----- Available data
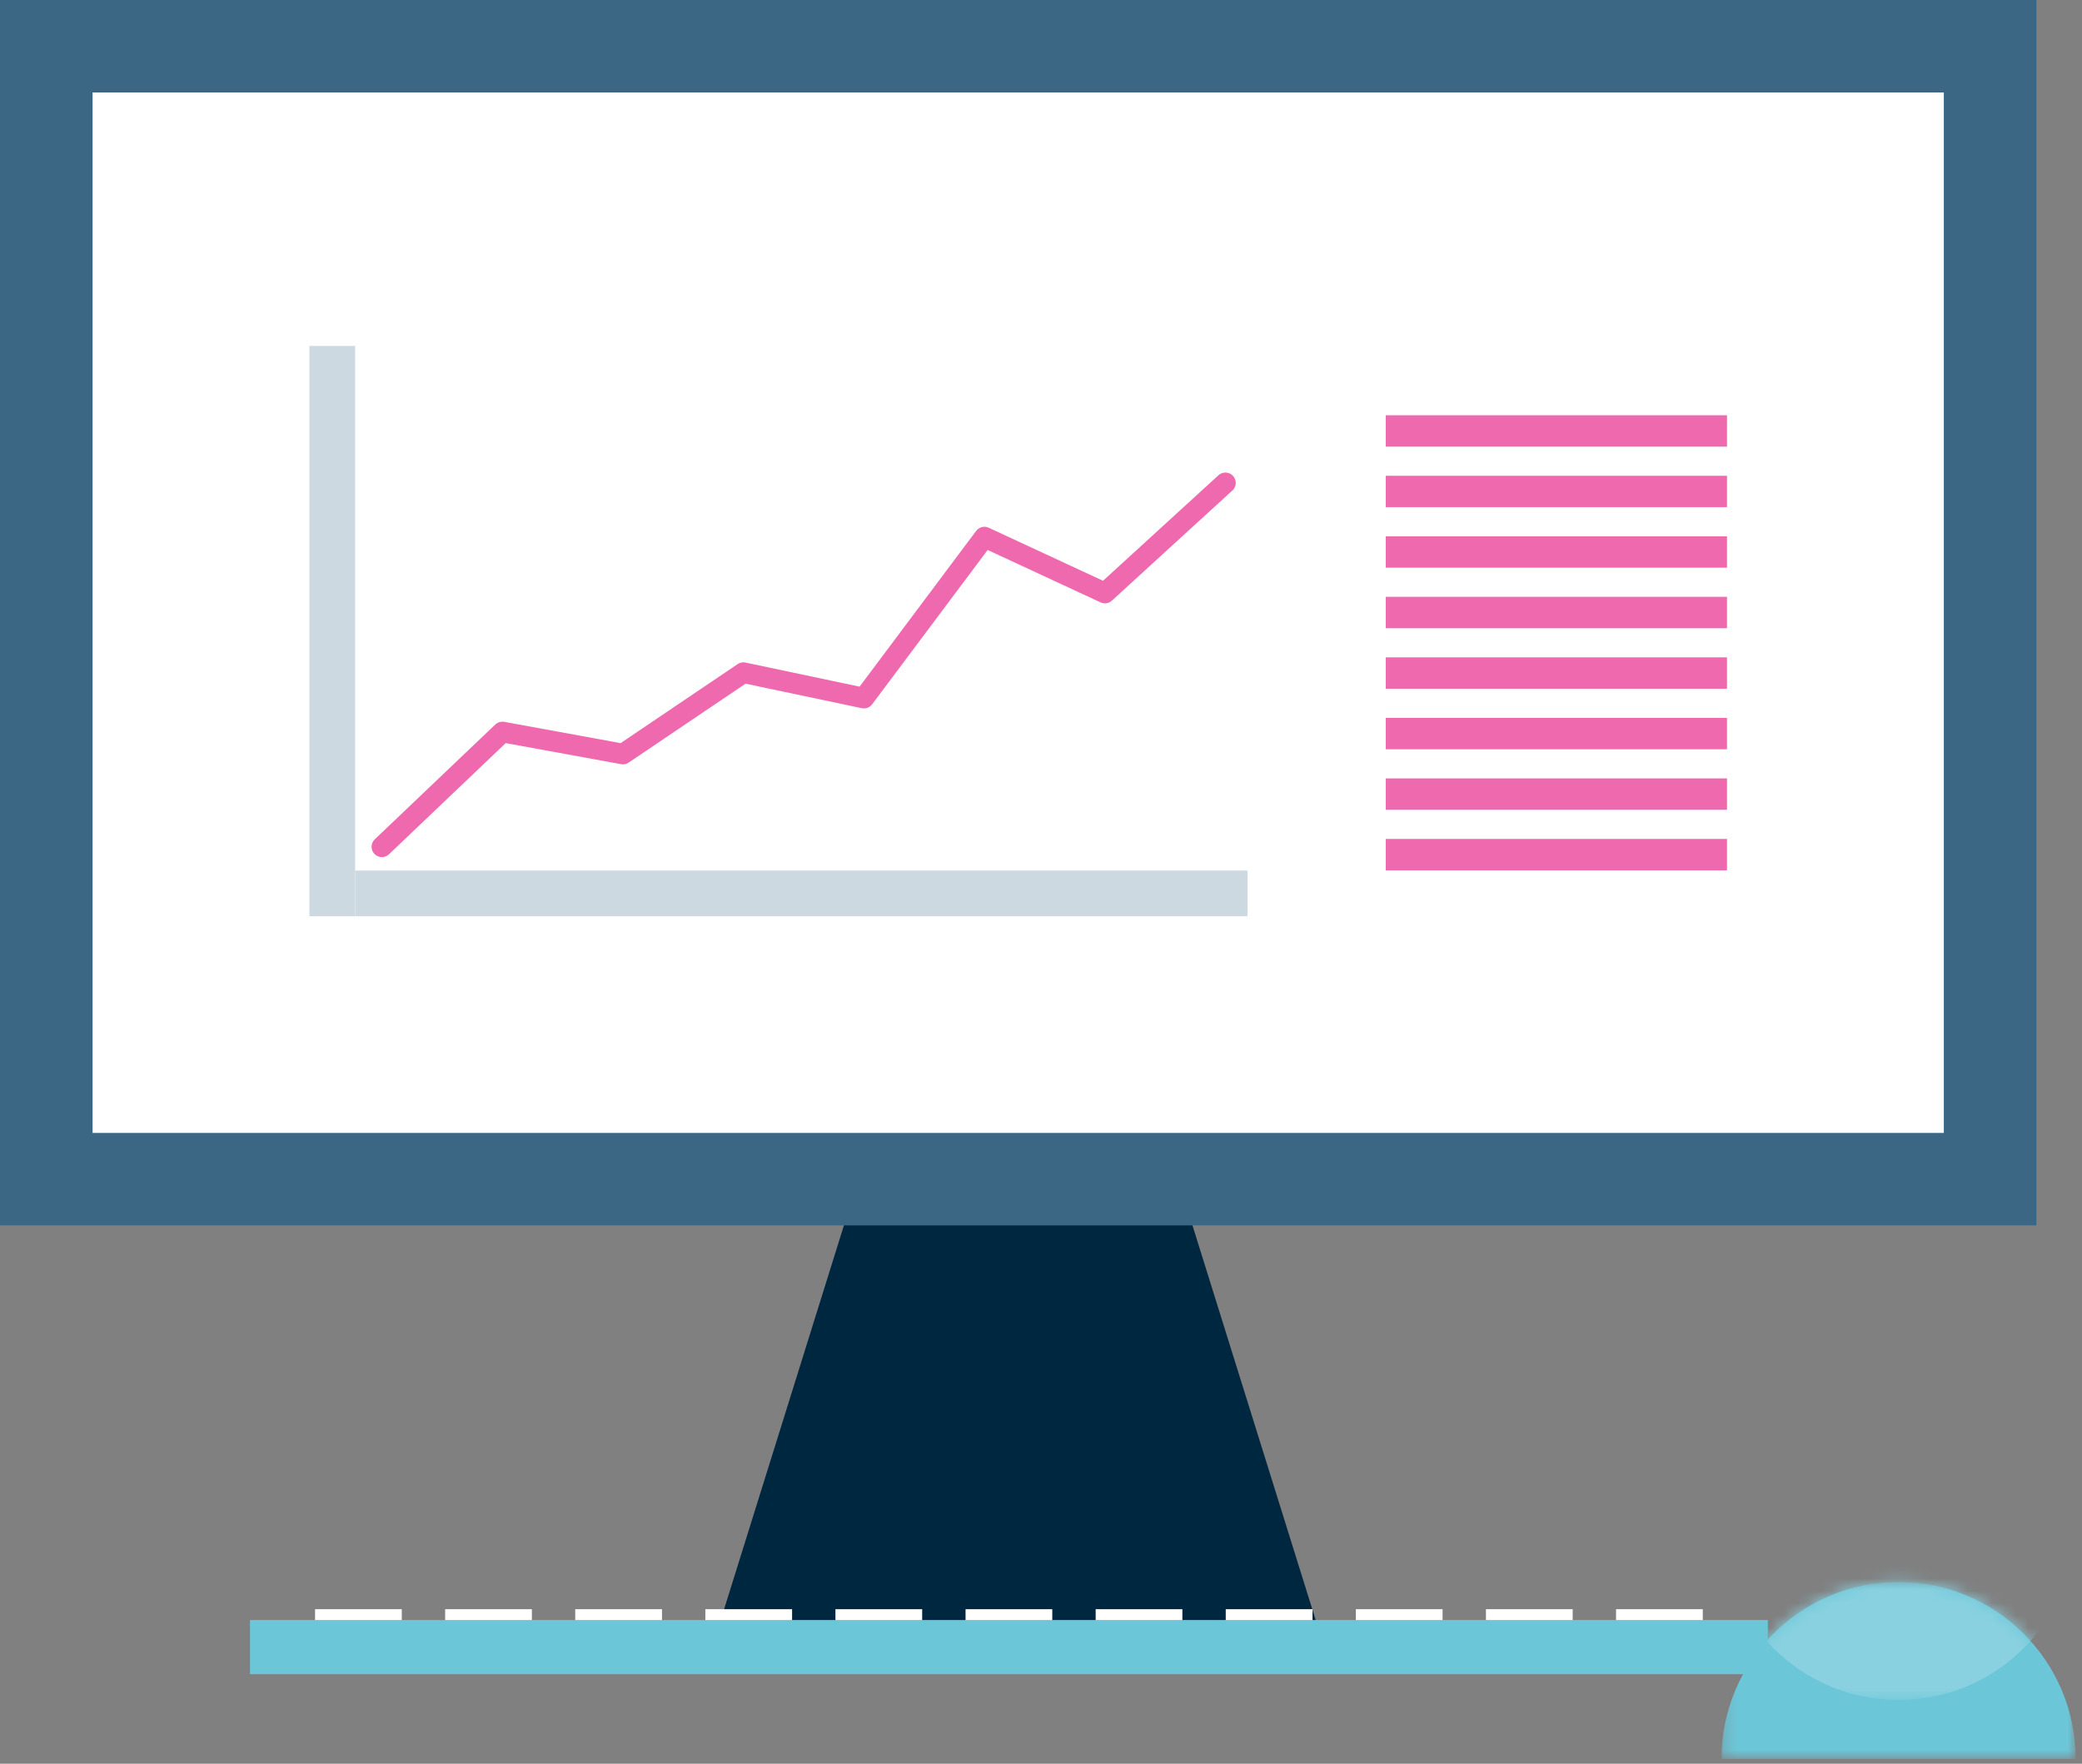<?xml version="1.0" encoding="UTF-8" standalone="no"?>
<svg width="170px" height="144px" viewBox="0 0 170 144" version="1.1" xmlns="http://www.w3.org/2000/svg" xmlns:xlink="http://www.w3.org/1999/xlink">
    <rect x="0" y="0" width="170" height="144" fill="#808080" stroke="none"/>
    <!-- Generator: Sketch 46.2 (44496) - http://www.bohemiancoding.com/sketch -->
    <title>m-plan-investing</title>
    <desc>Created with Sketch.</desc>
    <defs>
        <polygon id="path-1" points="29.147 15.22 0.229 15.22 0.229 0.775 29.147 0.775"></polygon>
        <path d="M0.25,10.405 C2.235,4.794 7.591,0.775 13.886,0.775 C20.181,0.775 25.537,4.794 27.522,10.405 L0.25,10.405 L0.25,10.405 Z" id="path-3"></path>
    </defs>
    <g id="T2-:-Plan-homepage" stroke="none" stroke-width="1" fill="none" fill-rule="evenodd">
        <g id="Large-Devices-(-≥-1200px-)-1.1" transform="translate(-631, -425)">
            <g id="Intro" transform="translate(170, 222)">
                <g id="m-plan-investing" transform="translate(461, 203)">
                    <polygon id="Fill-1" fill="#002740" points="92.526 84.539 73.75 84.539 58.633 132.958 107.643 132.958"></polygon>
                    <polygon id="Fill-2" fill="#3B6684" points="0 100.049 166.275 100.049 166.275 2.84217094e-14 0 2.84217094e-14"></polygon>
                    <polygon id="Fill-3" fill="#FFFFFF" points="7.559 92.499 158.718 92.499 158.718 7.551 7.559 7.551"></polygon>
                    <g id="Group-6" transform="translate(140.333, 128.39)">
                        <mask id="mask-2" fill="white">
                            <use xlink:href="#path-1"></use>
                        </mask>
                        <g id="Clip-5"></g>
                        <path d="M0.229,15.22 C0.229,7.242 6.702,0.775 14.688,0.775 C22.673,0.775 29.147,7.242 29.147,15.22" id="Fill-4" fill="#6BC6D8" mask="url(#mask-2)"></path>
                    </g>
                    <g id="Group-9" transform="translate(141.135, 128.39)">
                        <mask id="mask-4" fill="white">
                            <use xlink:href="#path-3"></use>
                        </mask>
                        <g id="Clip-8"></g>
                        <path d="M28.345,-4.041 C28.345,3.937 21.872,10.405 13.886,10.405 C5.901,10.405 -0.572,3.937 -0.572,-4.041" id="Fill-7" fill="#89D1E0" mask="url(#mask-4)"></path>
                    </g>
                    <g id="Group-34" transform="translate(20.045, 27.647)">
                        <polygon id="Fill-10" fill="#CCD9E0" points="8.955 47.164 81.815 47.164 81.815 43.431 8.955 43.431"></polygon>
                        <polygon id="Fill-12" fill="#CCD9E0" points="5.218 47.164 8.955 47.164 8.955 0.598 5.218 0.598"></polygon>
                        <polyline id="Stroke-13" stroke="#EF69AE" stroke-width="1.685" stroke-linecap="round" stroke-linejoin="round" points="11.138 41.49 20.977 32.117 30.817 33.916 40.656 27.274 50.495 29.35 60.334 16.205 70.174 20.771 80.013 11.778"></polyline>
                        <polygon id="Fill-14" fill="#EF69AE" points="93.108 8.819 120.968 8.819 120.968 6.256 93.108 6.256"></polygon>
                        <polygon id="Fill-15" fill="#EF69AE" points="93.108 13.76 120.968 13.76 120.968 11.198 93.108 11.198"></polygon>
                        <polygon id="Fill-16" fill="#EF69AE" points="93.108 18.703 120.968 18.703 120.968 16.14 93.108 16.14"></polygon>
                        <polygon id="Fill-17" fill="#EF69AE" points="93.108 23.645 120.968 23.645 120.968 21.082 93.108 21.082"></polygon>
                        <polygon id="Fill-18" fill="#EF69AE" points="93.108 28.586 120.968 28.586 120.968 26.024 93.108 26.024"></polygon>
                        <polygon id="Fill-19" fill="#EF69AE" points="93.108 33.528 120.968 33.528 120.968 30.965 93.108 30.965"></polygon>
                        <polygon id="Fill-20" fill="#EF69AE" points="93.108 38.47 120.968 38.47 120.968 35.908 93.108 35.908"></polygon>
                        <polygon id="Fill-21" fill="#EF69AE" points="93.108 43.412 120.968 43.412 120.968 40.849 93.108 40.849"></polygon>
                        <polygon id="Fill-22" fill="#FFFFFF" points="5.68 105.507 12.761 105.507 12.761 103.738 5.68 103.738"></polygon>
                        <polygon id="Fill-23" fill="#FFFFFF" points="16.302 105.507 23.385 105.507 23.385 103.738 16.302 103.738"></polygon>
                        <polygon id="Fill-24" fill="#FFFFFF" points="26.925 105.507 34.008 105.507 34.008 103.738 26.925 103.738"></polygon>
                        <polygon id="Fill-25" fill="#FFFFFF" points="37.548 105.507 44.631 105.507 44.631 103.738 37.548 103.738"></polygon>
                        <polygon id="Fill-26" fill="#FFFFFF" points="48.171 105.507 55.253 105.507 55.253 103.738 48.171 103.738"></polygon>
                        <polygon id="Fill-27" fill="#FFFFFF" points="58.795 105.507 65.876 105.507 65.876 103.738 58.795 103.738"></polygon>
                        <polygon id="Fill-28" fill="#FFFFFF" points="69.418 105.507 76.499 105.507 76.499 103.738 69.418 103.738"></polygon>
                        <polygon id="Fill-29" fill="#FFFFFF" points="80.04 105.507 87.122 105.507 87.122 103.738 80.04 103.738"></polygon>
                        <polygon id="Fill-30" fill="#FFFFFF" points="90.663 105.507 97.745 105.507 97.745 103.738 90.663 103.738"></polygon>
                        <polygon id="Fill-31" fill="#FFFFFF" points="101.286 105.507 108.368 105.507 108.368 103.738 101.286 103.738"></polygon>
                        <polygon id="Fill-32" fill="#FFFFFF" points="111.909 105.507 118.991 105.507 118.991 103.738 111.909 103.738"></polygon>
                        <polygon id="Fill-33" fill="#6BC6D8" points="0.368 109.044 124.303 109.044 124.303 104.622 0.368 104.622"></polygon>
                    </g>
                </g>
            </g>
        </g>
    </g>
</svg>
----------
#### [Work item]
Only one stretch of the entries above is wanted: the lines from the one containing "105.507 76.499 105.507" through the one containing "105.507 87.122 105.507". Please reproduce it exactly.

#### [Exercise output]
                        <polygon id="Fill-28" fill="#FFFFFF" points="69.418 105.507 76.499 105.507 76.499 103.738 69.418 103.738"></polygon>
                        <polygon id="Fill-29" fill="#FFFFFF" points="80.04 105.507 87.122 105.507 87.122 103.738 80.04 103.738"></polygon>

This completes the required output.